Muovendosi attraverso se stessi, spogliati dalle autoreferenziali infrastrutture culturali, ci si trova al cospetto di un mondo che, sebbene formalmente identico, è sostanzialmente differente.

Mentre nella fisica quantistica – ma l’avevano detto le Tradizioni da migliaia di anni – dove, a seconda dell’interlocutore, il comportamento delle particelle varia ed esse possono avere carattere ondulatorio o materico, e dove il fenomeno dell’entanglement tende a dimostrare la verità di un mondo alogico libero dall’impostura del tempo-spazio lineare, da quella tridimensionale e da quella della materia quale esclusiva verità, la realtà oggettiva ha ragione d’essere solo in un campo chiuso. Ovvero dove tutto si muove come in una macchina, cioè dove tutte le parti conoscono il loro ruolo e lo eseguono pedestremente. Come in un gioco di società, in una gara sportiva, come in ambito matematico, come nel meccanismo di un orologio. Diversamente, in campo aperto, in tutte le inorganizzabili e impianificabili relazioni umane, credere nella realtà oggettiva è una vera dimostrazione dell’arroganza scientista della conoscenza cognitiva. In ambito aperto sarebbe più opportuno parlare di realtà nella relazione, quale quantistico fenomeno, in quanto dipende da noi, dal nostro sentimento e dall’emozione che ci contiene.
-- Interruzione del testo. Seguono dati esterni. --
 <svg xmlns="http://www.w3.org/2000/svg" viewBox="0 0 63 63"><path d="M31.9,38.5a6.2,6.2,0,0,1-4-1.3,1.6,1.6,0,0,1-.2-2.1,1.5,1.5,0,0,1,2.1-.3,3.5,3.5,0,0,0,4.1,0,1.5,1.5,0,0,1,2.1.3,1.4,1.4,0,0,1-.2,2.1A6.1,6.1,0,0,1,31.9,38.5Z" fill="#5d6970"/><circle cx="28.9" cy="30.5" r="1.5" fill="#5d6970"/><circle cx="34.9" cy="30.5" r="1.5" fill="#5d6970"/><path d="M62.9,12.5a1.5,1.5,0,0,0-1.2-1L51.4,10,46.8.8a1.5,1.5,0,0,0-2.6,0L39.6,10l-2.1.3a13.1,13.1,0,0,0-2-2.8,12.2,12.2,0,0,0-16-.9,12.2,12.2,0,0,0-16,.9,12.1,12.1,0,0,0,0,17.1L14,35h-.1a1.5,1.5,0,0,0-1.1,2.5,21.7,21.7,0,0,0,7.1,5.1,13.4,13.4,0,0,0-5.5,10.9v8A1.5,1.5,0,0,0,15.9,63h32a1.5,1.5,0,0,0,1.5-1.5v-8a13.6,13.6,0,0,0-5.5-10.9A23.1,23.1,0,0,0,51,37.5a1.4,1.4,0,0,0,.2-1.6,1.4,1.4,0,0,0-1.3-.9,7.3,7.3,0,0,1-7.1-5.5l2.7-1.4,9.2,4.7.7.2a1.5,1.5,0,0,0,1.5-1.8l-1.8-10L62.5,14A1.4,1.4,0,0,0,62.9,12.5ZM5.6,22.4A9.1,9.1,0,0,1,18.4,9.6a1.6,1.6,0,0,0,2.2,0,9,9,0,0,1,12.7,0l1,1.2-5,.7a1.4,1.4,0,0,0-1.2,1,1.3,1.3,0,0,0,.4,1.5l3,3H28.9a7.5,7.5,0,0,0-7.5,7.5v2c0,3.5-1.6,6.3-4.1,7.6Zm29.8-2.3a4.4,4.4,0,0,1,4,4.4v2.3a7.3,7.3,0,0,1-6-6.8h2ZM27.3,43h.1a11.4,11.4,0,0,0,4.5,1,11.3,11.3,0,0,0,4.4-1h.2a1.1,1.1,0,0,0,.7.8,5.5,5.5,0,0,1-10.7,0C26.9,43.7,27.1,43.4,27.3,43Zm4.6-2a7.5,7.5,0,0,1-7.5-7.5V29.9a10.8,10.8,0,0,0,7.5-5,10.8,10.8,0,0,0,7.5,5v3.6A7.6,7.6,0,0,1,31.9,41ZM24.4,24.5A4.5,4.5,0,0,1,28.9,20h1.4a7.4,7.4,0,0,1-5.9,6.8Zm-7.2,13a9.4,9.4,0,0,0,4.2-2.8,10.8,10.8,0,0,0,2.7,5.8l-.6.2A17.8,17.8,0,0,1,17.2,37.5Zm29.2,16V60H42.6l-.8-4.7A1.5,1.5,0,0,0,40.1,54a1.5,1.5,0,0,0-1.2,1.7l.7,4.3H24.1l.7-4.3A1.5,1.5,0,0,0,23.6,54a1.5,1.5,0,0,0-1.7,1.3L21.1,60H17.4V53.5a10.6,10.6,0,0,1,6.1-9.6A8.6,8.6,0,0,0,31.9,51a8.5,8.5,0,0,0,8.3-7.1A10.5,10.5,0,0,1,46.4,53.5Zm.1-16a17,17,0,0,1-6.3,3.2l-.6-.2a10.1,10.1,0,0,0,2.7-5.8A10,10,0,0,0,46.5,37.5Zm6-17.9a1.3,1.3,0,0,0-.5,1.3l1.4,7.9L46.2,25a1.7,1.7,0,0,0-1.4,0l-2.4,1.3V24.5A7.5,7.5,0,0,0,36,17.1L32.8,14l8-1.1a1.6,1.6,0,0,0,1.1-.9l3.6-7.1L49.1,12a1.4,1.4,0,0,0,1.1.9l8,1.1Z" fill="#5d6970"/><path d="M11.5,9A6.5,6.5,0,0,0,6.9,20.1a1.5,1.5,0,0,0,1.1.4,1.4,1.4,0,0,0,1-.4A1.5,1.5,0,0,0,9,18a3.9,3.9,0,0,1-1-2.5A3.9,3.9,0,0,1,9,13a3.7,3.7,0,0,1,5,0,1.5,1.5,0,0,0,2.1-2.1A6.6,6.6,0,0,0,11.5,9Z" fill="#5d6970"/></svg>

La realtà è dunque una o un’altra in funzione dell’interlocutore, dei sentimenti e delle emozioni. Così descritta, la distanza dalla pretesa oggettività affermata dalla cultura logico-razionalista è massima. Contemporaneamente mostra la sua natura magica. Una natura inaccessibile con gli strumenti del materialismo e, in quanto tale, relegata al ciarlatanismo dalla cultura scientista oggi dominante.

Dunque, una magia dalla quale è doveroso guardarsi, per chi è privo delle consapevolezze opportune. Ma una banalità per chi ha invece il necessario per osservarne la verità, per ricrearne le dinamiche, e dalla quale non si può più prescindere.

Quanto osservato e riferito dalla fisica quantistica non riguarda solo i laboratori dell’infinitamente piccolo. Si presta infatti anche a descrivere la realtà ordinaria. Riguarda quello che pensiamo, facciamo, sentiamo, vogliamo, crediamo.

Se prima vedevamo le cose solo separate, elementi della realtà come il comò, le pattine e il centrino lo sono di un salotto, se prima potevamo usare la forza, forse anche la semplice intelligenza dialettica per sopraffare il prossimo, ora, in modalità quantica, dalla cima di certe consapevolezze, le cose appaiono nella loro contiguità. Significa anche che gli altri sono dei noi a tutti gli effetti, che sopraffare e prevaricare il prossimo è immettere nel reale forze sconvenienti a tutto. Significa avere coscienza che siamo totalmente responsabili della realtà individuale e sociale che viviamo. Essere consapevoli che, senza il nostro autentico impegno, non potremo lasciare alle future generazioni una cultura diversa dall’attuale status quo. Cioè quella delle opposte fazioni, della negazione del rispetto, dell’impiego della forza oggi sempre meno bruta, ma sempre più sottilmente digitale. Significa dedicarsi al superamento dell’egoico dualismo, origine di tutti gli scontri, per realizzare la realtà attraverso il modo della relazione.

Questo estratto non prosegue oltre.